Collection entries
[Start of section]
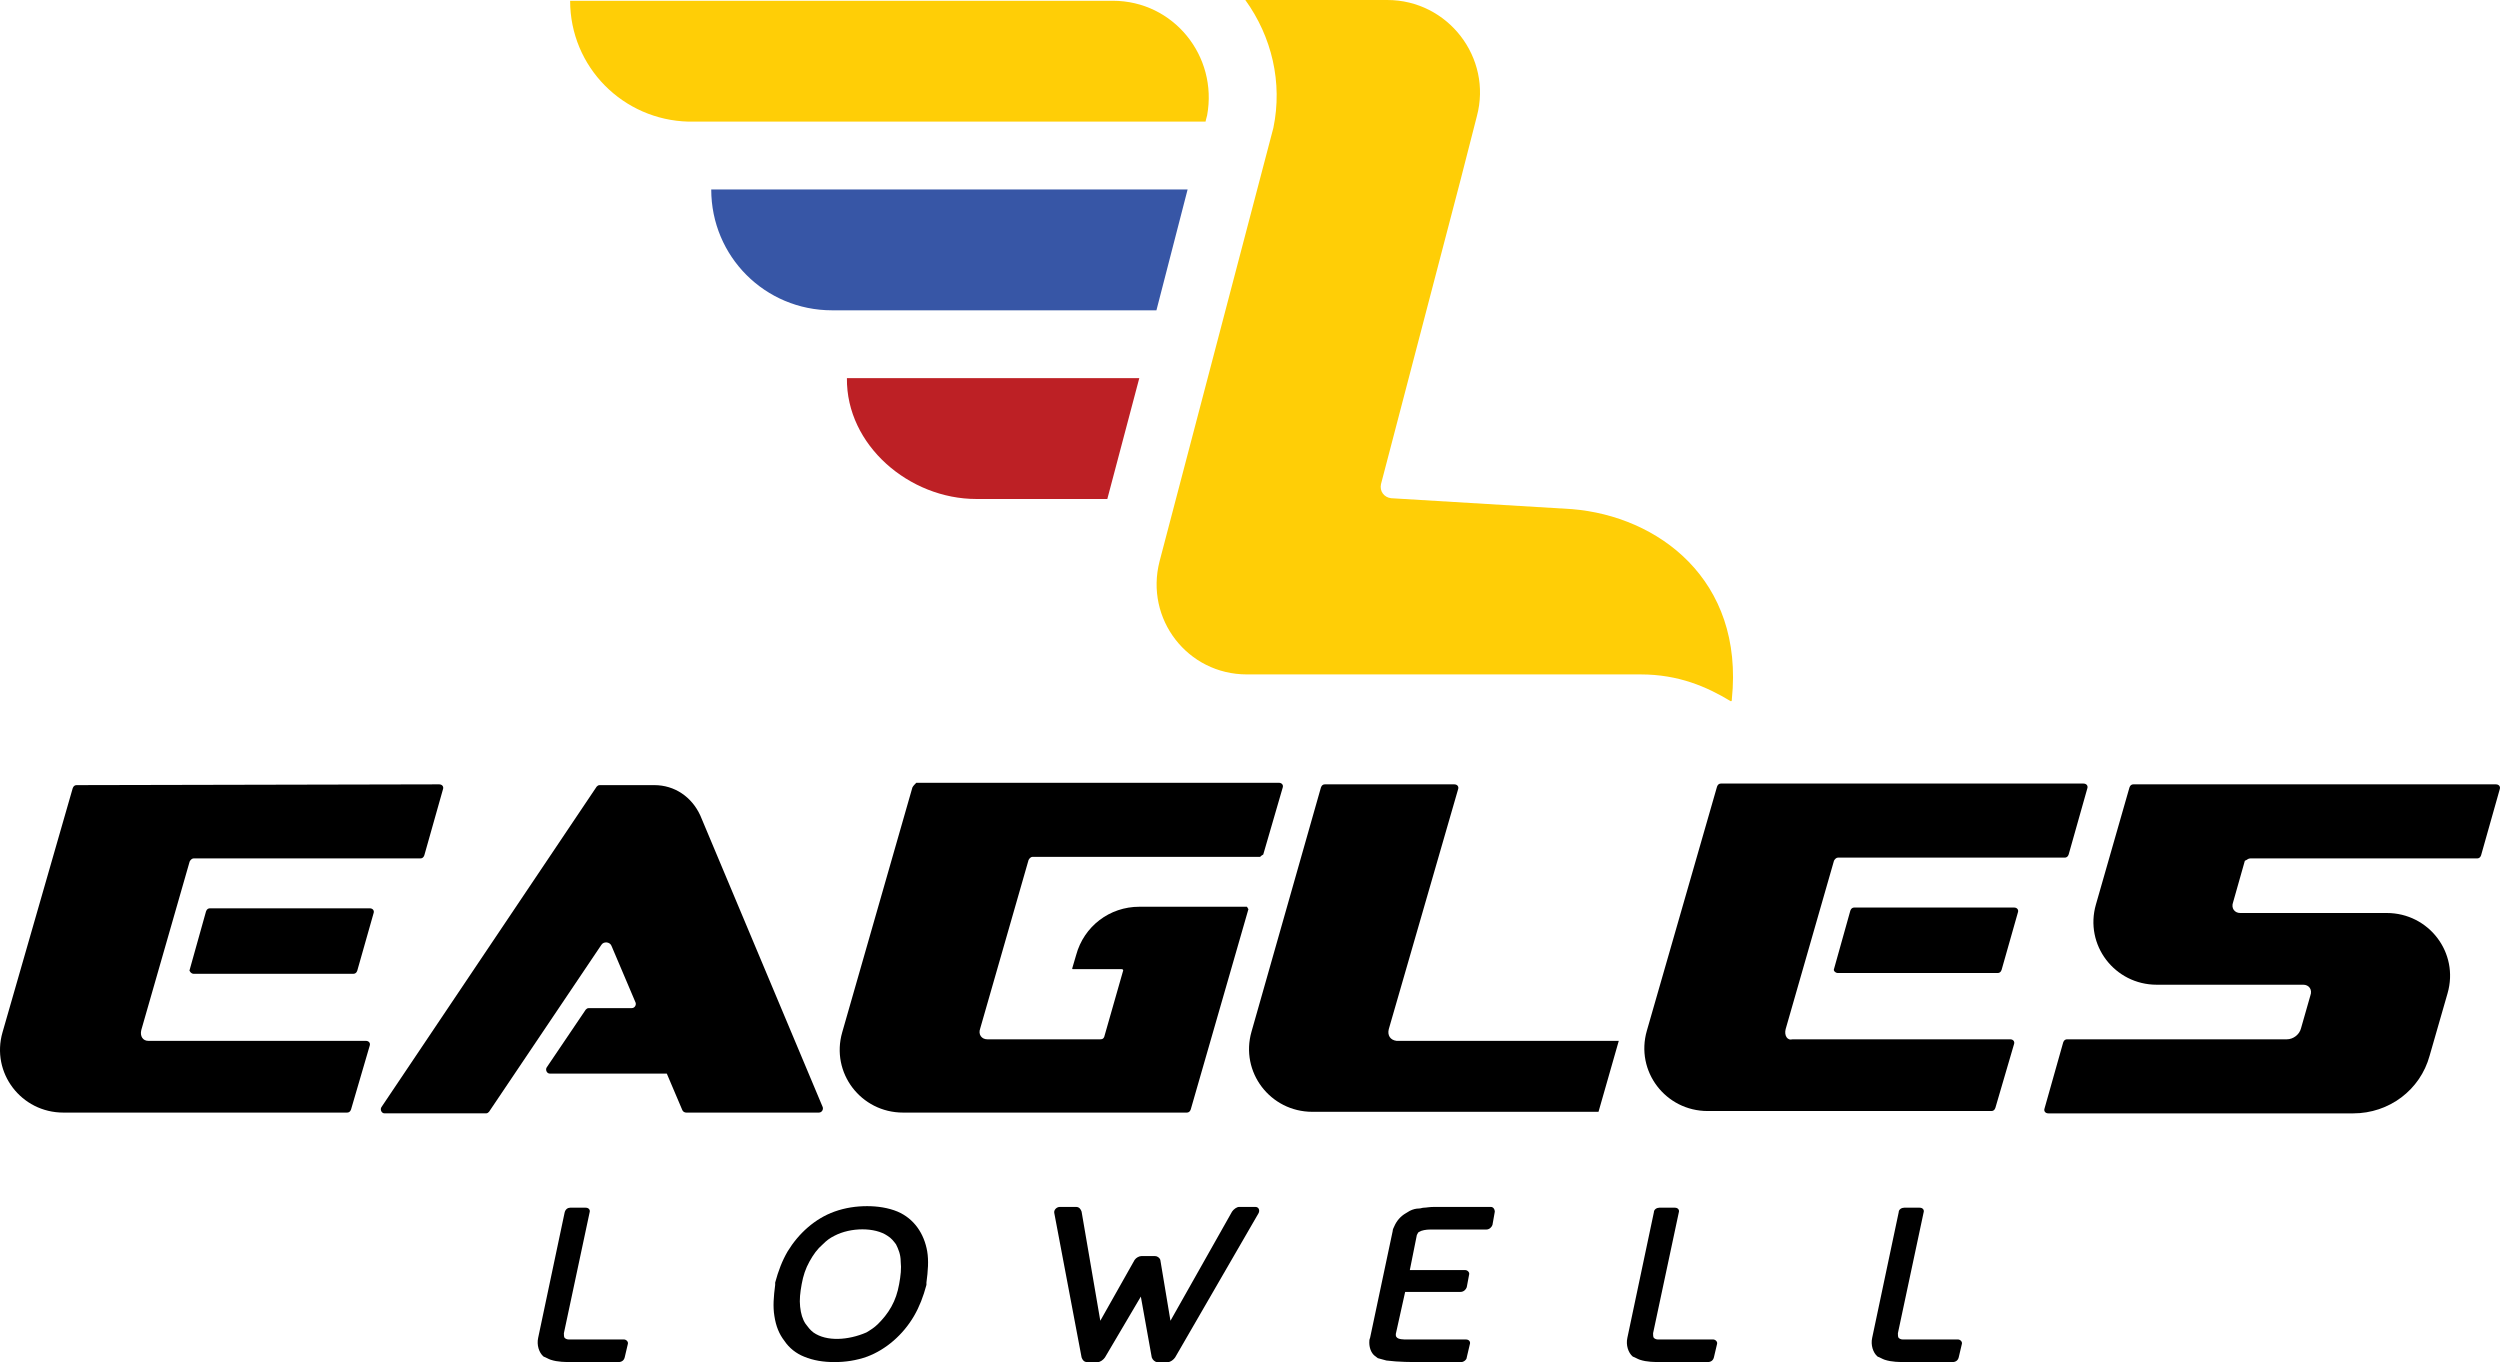 <svg width="200" height="109" viewBox="0 0 200 109" version="1.1" xmlns="http://www.w3.org/2000/svg" xmlns:xlink="http://www.w3.org/1999/xlink">
<g id="Canvas" fill="none">
<g id="logo-lowelleagles">
<g id="Group">
<g id="Group_2">
<g id="Vector">
<path d="M 11.18 19.585L 16.731 0.374C 16.793 0.187 16.669 -1.90349e-06 16.419 -1.90349e-06L 6.065 -1.90349e-06C 5.94 -1.90349e-06 5.816 0.062 5.753 0.249L 0.202 19.772C -0.734 23.016 1.699 26.197 5.067 26.197L 27.958 26.197L 29.58 20.521L 11.803 20.521C 11.305 20.459 11.055 20.084 11.18 19.585Z" transform="translate(99.922 62.748)" fill="black"/>
</g>
<g id="Group_3">
<g id="Vector_2">
<path d="M 11.305 19.648L 15.172 6.175C 15.234 6.05 15.359 5.925 15.483 5.925L 33.634 5.925C 33.759 5.925 33.884 5.863 33.946 5.676L 35.443 0.374C 35.505 0.187 35.381 -1.90349e-06 35.131 -1.90349e-06L 6.127 0.062C 6.003 0.062 5.878 0.125 5.816 0.312L 0.202 19.835C -0.734 23.078 1.699 26.259 5.067 26.259L 27.771 26.259C 27.896 26.259 28.02 26.197 28.083 26.01L 29.58 20.895C 29.642 20.708 29.517 20.521 29.268 20.521L 11.866 20.521C 11.429 20.521 11.18 20.147 11.305 19.648Z" transform="translate(0 62.748)" fill="black"/>
</g>
<g id="Vector_3">
<path d="M 0.324 5.239L 13.111 5.239C 13.235 5.239 13.36 5.177 13.422 4.99L 14.732 0.374C 14.795 0.187 14.67 -9.51743e-07 14.421 -9.51743e-07L 1.634 -9.51743e-07C 1.509 -9.51743e-07 1.384 0.062 1.322 0.249L 0.012 4.928C -0.05 4.99 0.137 5.239 0.324 5.239Z" transform="translate(15.159 72.665)" fill="black"/>
</g>
</g>
<g id="Vector_4">
<path d="M 5.816 0.374L 0.202 19.959C -0.734 23.203 1.699 26.384 5.067 26.384L 27.771 26.384C 27.896 26.384 28.02 26.322 28.083 26.134L 32.699 10.104C 32.636 10.042 32.636 9.98 32.574 9.917L 23.966 9.917C 21.596 9.917 19.538 11.477 18.914 13.784L 18.602 14.845C 18.602 14.907 18.602 14.907 18.665 14.907L 22.532 14.907C 22.656 14.907 22.719 14.97 22.656 15.094L 21.16 20.334C 21.097 20.459 21.035 20.521 20.848 20.521L 11.803 20.521C 11.367 20.521 11.055 20.147 11.242 19.648L 15.109 6.175C 15.172 6.05 15.296 5.925 15.421 5.925L 33.634 5.925C 33.697 5.863 33.759 5.801 33.884 5.738L 35.443 0.374C 35.505 0.187 35.381 0 35.131 0L 6.127 0C 6.003 0.125 5.878 0.249 5.816 0.374Z" transform="translate(67.176 62.623)" fill="black"/>
</g>
<g id="Vector_5">
<path d="M 21.88 1.90349e-06L 17.514 1.90349e-06C 17.389 1.90349e-06 17.326 0.062 17.264 0.125L 0.049 25.76C -0.076 25.947 0.049 26.259 0.298 26.259L 8.407 26.259C 8.532 26.259 8.594 26.197 8.656 26.134L 17.638 12.787C 17.825 12.475 18.324 12.537 18.449 12.849L 20.383 17.402C 20.445 17.589 20.32 17.839 20.071 17.839L 16.64 17.839C 16.515 17.839 16.453 17.901 16.391 17.964L 13.272 22.579C 13.147 22.766 13.272 23.078 13.522 23.078L 22.878 23.078L 24.125 26.01C 24.188 26.134 24.312 26.197 24.437 26.197L 35.04 26.197C 35.29 26.197 35.415 25.947 35.352 25.76L 25.56 2.433C 24.874 0.936 23.501 1.90349e-06 21.88 1.90349e-06Z" transform="translate(30.466 62.81)" fill="black"/>
</g>
<g id="Vector_6">
<path d="M 16.483 5.925L 34.633 5.925C 34.758 5.925 34.883 5.863 34.945 5.676L 36.442 0.374C 36.504 0.187 36.38 -1.90349e-06 36.13 -1.90349e-06L 7.126 -1.90349e-06C 7.002 -1.90349e-06 6.877 0.062 6.815 0.249L 4.133 9.606C 3.197 12.849 5.63 16.03 8.998 16.03L 15.235 16.03L 20.724 16.03C 21.16 16.03 21.472 16.404 21.285 16.903L 20.537 19.523C 20.412 20.022 19.913 20.396 19.414 20.396L 1.825 20.396C 1.7 20.396 1.575 20.459 1.513 20.646L 0.016 25.947C -0.046 26.134 0.078 26.322 0.328 26.322L 24.716 26.322C 27.585 26.322 30.08 24.45 30.828 21.706L 32.263 16.716C 33.199 13.473 30.766 10.292 27.398 10.292L 19.414 10.292L 15.672 10.292C 15.235 10.292 14.923 9.917 15.11 9.418L 16.046 6.113C 16.233 6.05 16.295 5.925 16.483 5.925Z" transform="translate(163.542 62.748)" fill="black"/>
</g>
<g id="Group_4">
<g id="Vector_7">
<path d="M 11.305 19.648L 15.172 6.175C 15.234 6.05 15.359 5.925 15.483 5.925L 33.634 5.925C 33.759 5.925 33.884 5.863 33.946 5.676L 35.443 0.374C 35.505 0.187 35.381 -9.51743e-07 35.131 -9.51743e-07L 6.127 -9.51743e-07C 6.003 -9.51743e-07 5.878 0.062 5.816 0.249L 0.202 19.772C -0.734 23.016 1.699 26.197 5.067 26.197L 27.771 26.197C 27.896 26.197 28.02 26.134 28.083 25.947L 29.58 20.833C 29.642 20.646 29.517 20.459 29.268 20.459L 11.866 20.459C 11.429 20.583 11.18 20.147 11.305 19.648Z" transform="translate(131.546 62.685)" fill="black"/>
</g>
<g id="Vector_8">
<path d="M 0.324 5.239L 13.111 5.239C 13.235 5.239 13.36 5.177 13.422 4.99L 14.732 0.374C 14.795 0.187 14.67 0 14.421 0L 1.634 0C 1.509 0 1.384 0.062 1.322 0.249L 0.012 4.928C -0.05 5.052 0.137 5.239 0.324 5.239Z" transform="translate(146.705 72.603)" fill="black"/>
</g>
</g>
</g>
<g id="Group_5">
<g id="Vector_9">
<path d="M 2.783 12.35C 2.222 12.35 1.598 12.35 1.036 12.163C 0.849 12.1 0.662 11.976 0.475 11.913C 0.101 11.601 -0.086 10.978 0.038 10.416L 2.159 0.374C 2.222 0.125 2.409 0 2.596 0L 3.843 0C 4.093 0 4.218 0.187 4.155 0.374L 2.097 10.042C 2.097 10.167 2.097 10.354 2.159 10.416C 2.222 10.479 2.346 10.541 2.471 10.541C 2.533 10.541 2.658 10.541 2.721 10.541L 6.9 10.541C 7.087 10.541 7.274 10.728 7.211 10.915L 6.962 11.976C 6.9 12.225 6.712 12.35 6.463 12.35L 2.783 12.35L 2.783 12.35Z" transform="translate(43.014 96.616)" fill="black"/>
</g>
<g id="Vector_10">
<path d="M 7.49 12.038C 6.617 12.35 5.744 12.475 4.871 12.475C 3.998 12.475 3.187 12.35 2.438 12.038C 1.814 11.789 1.253 11.352 0.879 10.791C 0.442 10.229 0.193 9.606 0.068 8.795C -0.057 8.046 0.006 7.235 0.13 6.3C 0.13 6.237 0.13 6.237 0.13 6.175C 0.13 6.113 0.13 6.113 0.13 6.113C 0.38 5.177 0.692 4.366 1.128 3.618C 2.002 2.183 3.311 0.998 4.871 0.437C 5.744 0.125 6.617 1.90349e-06 7.49 1.90349e-06C 8.301 1.90349e-06 9.175 0.125 9.923 0.437C 11.233 0.998 12.044 2.183 12.293 3.618C 12.418 4.366 12.356 5.177 12.231 6.113L 12.231 6.175L 12.231 6.237C 12.231 6.3 12.231 6.3 12.231 6.3C 11.981 7.235 11.669 8.046 11.233 8.795C 10.36 10.292 8.987 11.477 7.49 12.038ZM 9.798 3.056C 9.611 2.807 9.424 2.557 9.112 2.37C 8.114 1.684 6.181 1.684 4.871 2.37C 4.497 2.557 4.247 2.744 3.935 3.056C 3.499 3.431 3.187 3.867 2.875 4.429C 2.563 4.99 2.376 5.551 2.251 6.237C 2.126 6.923 2.064 7.485 2.126 8.046C 2.189 8.608 2.313 9.044 2.563 9.418C 2.75 9.668 2.937 9.917 3.187 10.104C 4.247 10.853 5.993 10.728 7.428 10.104C 7.74 9.917 8.052 9.73 8.364 9.418C 8.738 9.044 9.112 8.608 9.424 8.046C 9.736 7.485 9.923 6.923 10.048 6.237C 10.172 5.551 10.235 4.99 10.172 4.429C 10.172 3.867 9.985 3.431 9.798 3.056Z" transform="translate(61.884 96.492)" fill="black"/>
</g>
<g id="Vector_11">
<path d="M 9.678 12.038C 9.553 12.225 9.303 12.412 9.116 12.412L 8.243 12.412C 8.056 12.412 7.869 12.225 7.806 12.038L 6.933 7.173L 4.064 12.038C 3.939 12.225 3.69 12.412 3.503 12.412L 2.629 12.412C 2.38 12.412 2.255 12.225 2.193 12.038L 0.01 0.499C -0.053 0.249 0.197 -3.80697e-06 0.446 -3.80697e-06L 1.756 -3.80697e-06C 2.006 -3.80697e-06 2.13 0.187 2.193 0.374L 3.69 9.107L 6.434 4.241C 6.559 4.054 6.808 3.93 6.996 3.93L 8.056 3.93C 8.243 3.93 8.43 4.054 8.492 4.241L 9.303 9.107L 14.231 0.374C 14.356 0.187 14.605 -3.80697e-06 14.792 -3.80697e-06L 16.102 -3.80697e-06C 16.352 -3.80697e-06 16.476 0.249 16.352 0.499L 9.678 12.038Z" transform="translate(84.334 96.554)" fill="black"/>
</g>
<g id="Vector_12">
<path d="M 4.616 12.412C 4.491 12.412 4.429 12.412 4.304 12.412C 3.306 12.412 2.37 12.412 1.372 12.288C 1.123 12.225 0.936 12.163 0.686 12.1C 0.624 12.038 0.499 11.976 0.437 11.913C 0.125 11.664 3.80697e-06 11.227 3.80697e-06 10.853C 3.80697e-06 10.728 -1.90535e-06 10.604 0.062 10.479L 1.871 1.934C 1.871 1.809 1.934 1.684 1.996 1.559C 2.183 1.123 2.495 0.748 2.932 0.499C 3.056 0.437 3.119 0.374 3.243 0.312C 3.493 0.187 3.742 0.125 3.992 0.125C 4.117 0.125 4.241 0.062 4.366 0.062C 4.553 0.062 4.803 -3.80697e-06 5.177 -3.80697e-06L 7.048 -3.80697e-06L 9.73 -3.80697e-06C 9.917 -3.80697e-06 10.042 0.187 10.042 0.374L 9.855 1.435C 9.793 1.622 9.606 1.809 9.356 1.809L 6.674 1.809L 5.364 1.809C 5.239 1.809 5.052 1.809 4.865 1.809C 4.553 1.809 4.179 1.871 3.992 1.996C 3.93 1.996 3.867 2.121 3.805 2.245L 3.243 5.052L 7.672 5.052C 7.859 5.052 8.046 5.239 7.984 5.426L 7.797 6.424C 7.734 6.612 7.547 6.799 7.298 6.799L 2.869 6.799L 2.121 10.167C 2.121 10.292 2.121 10.354 2.183 10.416C 2.308 10.604 2.744 10.604 2.994 10.604C 3.181 10.604 3.368 10.604 3.493 10.604L 5.052 10.604L 7.734 10.604C 7.984 10.604 8.109 10.791 8.046 10.978L 7.797 12.038C 7.797 12.225 7.547 12.412 7.36 12.412L 4.616 12.412Z" transform="translate(109.543 96.554)" fill="black"/>
</g>
<g id="Vector_13">
<path d="M 2.783 12.35C 2.222 12.35 1.598 12.35 1.036 12.163C 0.849 12.1 0.662 11.976 0.475 11.913C 0.101 11.601 -0.086 10.978 0.038 10.416L 2.159 0.374C 2.159 0.125 2.409 0 2.596 0L 3.843 0C 4.093 0 4.218 0.187 4.155 0.374L 2.097 10.042C 2.097 10.167 2.097 10.354 2.159 10.416C 2.222 10.479 2.346 10.541 2.471 10.541C 2.533 10.541 2.658 10.541 2.721 10.541L 6.9 10.541C 7.087 10.541 7.274 10.728 7.211 10.915L 6.962 11.976C 6.9 12.225 6.712 12.35 6.463 12.35L 2.783 12.35L 2.783 12.35Z" transform="translate(130.15 96.616)" fill="black"/>
</g>
<g id="Vector_14">
<path d="M 2.783 12.35C 2.222 12.35 1.598 12.35 1.036 12.163C 0.849 12.1 0.662 11.976 0.475 11.913C 0.101 11.601 -0.086 10.978 0.038 10.416L 2.159 0.374C 2.159 0.125 2.409 0 2.596 0L 3.843 0C 4.093 0 4.218 0.187 4.155 0.374L 2.097 10.042C 2.097 10.167 2.097 10.354 2.159 10.416C 2.222 10.479 2.346 10.541 2.471 10.541C 2.533 10.541 2.658 10.541 2.721 10.541L 6.9 10.541C 7.087 10.541 7.274 10.728 7.211 10.915L 6.962 11.976C 6.9 12.225 6.712 12.35 6.463 12.35L 2.783 12.35L 2.783 12.35Z" transform="translate(149.735 96.616)" fill="black"/>
</g>
</g>
<g id="Group_6">
<g id="Vector_15">
<path d="M 9.668 9.668L 35.615 9.668L 38.11 9.51743e-07L -1.90349e-06 9.51743e-07C -1.90349e-06 5.364 4.304 9.668 9.668 9.668Z" transform="translate(56.899 15.157)" fill="#3756A6"/>
</g>
<g id="Vector_16">
<path d="M 10.355 9.668L 20.833 9.668L 23.391 -9.51743e-07L 0.001 -9.51743e-07C -0.062 5.364 4.99 9.668 10.355 9.668Z" transform="translate(67.752 30.251)" fill="#BD2025"/>
</g>
</g>
<g id="Vector_17">
<path d="M 33.231 40.73L 18.761 39.857C 18.199 39.794 17.825 39.295 17.95 38.734L 24.312 14.408L 25.622 9.294C 26.869 4.616 23.314 2.37936e-07 18.449 2.37936e-07L 7.097 2.37936e-07C 9.218 2.932 10.091 6.612 9.342 10.229C 9.28 10.479 0.236 44.909 0.236 44.909C -0.949 49.525 2.481 53.953 7.222 53.953C 19.26 53.953 38.72 53.953 38.72 53.953C 41.776 53.953 44.022 54.951 45.893 56.074C 45.956 56.136 46.018 56.074 46.018 56.011L 46.018 55.949C 47.016 46.343 40.092 41.291 33.231 40.73Z" transform="translate(92.528 0)" fill="#FFCE06"/>
</g>
<g id="Vector_18">
<path d="M 43.412 -1.18968e-07L 25.012 -1.18968e-07C 14.096 -1.18968e-07 -9.51743e-07 -1.18968e-07 -9.51743e-07 -1.18968e-07C -9.51743e-07 5.302 4.241 9.543 9.481 9.668L 29.814 9.668L 50.834 9.668C 50.834 9.606 50.897 9.418 50.959 9.169C 51.832 4.429 48.277 -1.18968e-07 43.412 -1.18968e-07Z" transform="translate(45.61 0.062)" fill="#FFCE06"/>
</g>
</g>
</g>
</g>
</svg>
[End of section]
## Exercise goal
Exact copies of the line with "9.668 9.668L 35.615" and of every later line in the entries make up the whole answer.

## Solution to this problem
<path d="M 9.668 9.668L 35.615 9.668L 38.11 9.51743e-07L -1.90349e-06 9.51743e-07C -1.90349e-06 5.364 4.304 9.668 9.668 9.668Z" transform="translate(56.899 15.157)" fill="#3756A6"/>
</g>
<g id="Vector_16">
<path d="M 10.355 9.668L 20.833 9.668L 23.391 -9.51743e-07L 0.001 -9.51743e-07C -0.062 5.364 4.99 9.668 10.355 9.668Z" transform="translate(67.752 30.251)" fill="#BD2025"/>
</g>
</g>
<g id="Vector_17">
<path d="M 33.231 40.73L 18.761 39.857C 18.199 39.794 17.825 39.295 17.95 38.734L 24.312 14.408L 25.622 9.294C 26.869 4.616 23.314 2.37936e-07 18.449 2.37936e-07L 7.097 2.37936e-07C 9.218 2.932 10.091 6.612 9.342 10.229C 9.28 10.479 0.236 44.909 0.236 44.909C -0.949 49.525 2.481 53.953 7.222 53.953C 19.26 53.953 38.72 53.953 38.72 53.953C 41.776 53.953 44.022 54.951 45.893 56.074C 45.956 56.136 46.018 56.074 46.018 56.011L 46.018 55.949C 47.016 46.343 40.092 41.291 33.231 40.73Z" transform="translate(92.528 0)" fill="#FFCE06"/>
</g>
<g id="Vector_18">
<path d="M 43.412 -1.18968e-07L 25.012 -1.18968e-07C 14.096 -1.18968e-07 -9.51743e-07 -1.18968e-07 -9.51743e-07 -1.18968e-07C -9.51743e-07 5.302 4.241 9.543 9.481 9.668L 29.814 9.668L 50.834 9.668C 50.834 9.606 50.897 9.418 50.959 9.169C 51.832 4.429 48.277 -1.18968e-07 43.412 -1.18968e-07Z" transform="translate(45.61 0.062)" fill="#FFCE06"/>
</g>
</g>
</g>
</g>
</svg>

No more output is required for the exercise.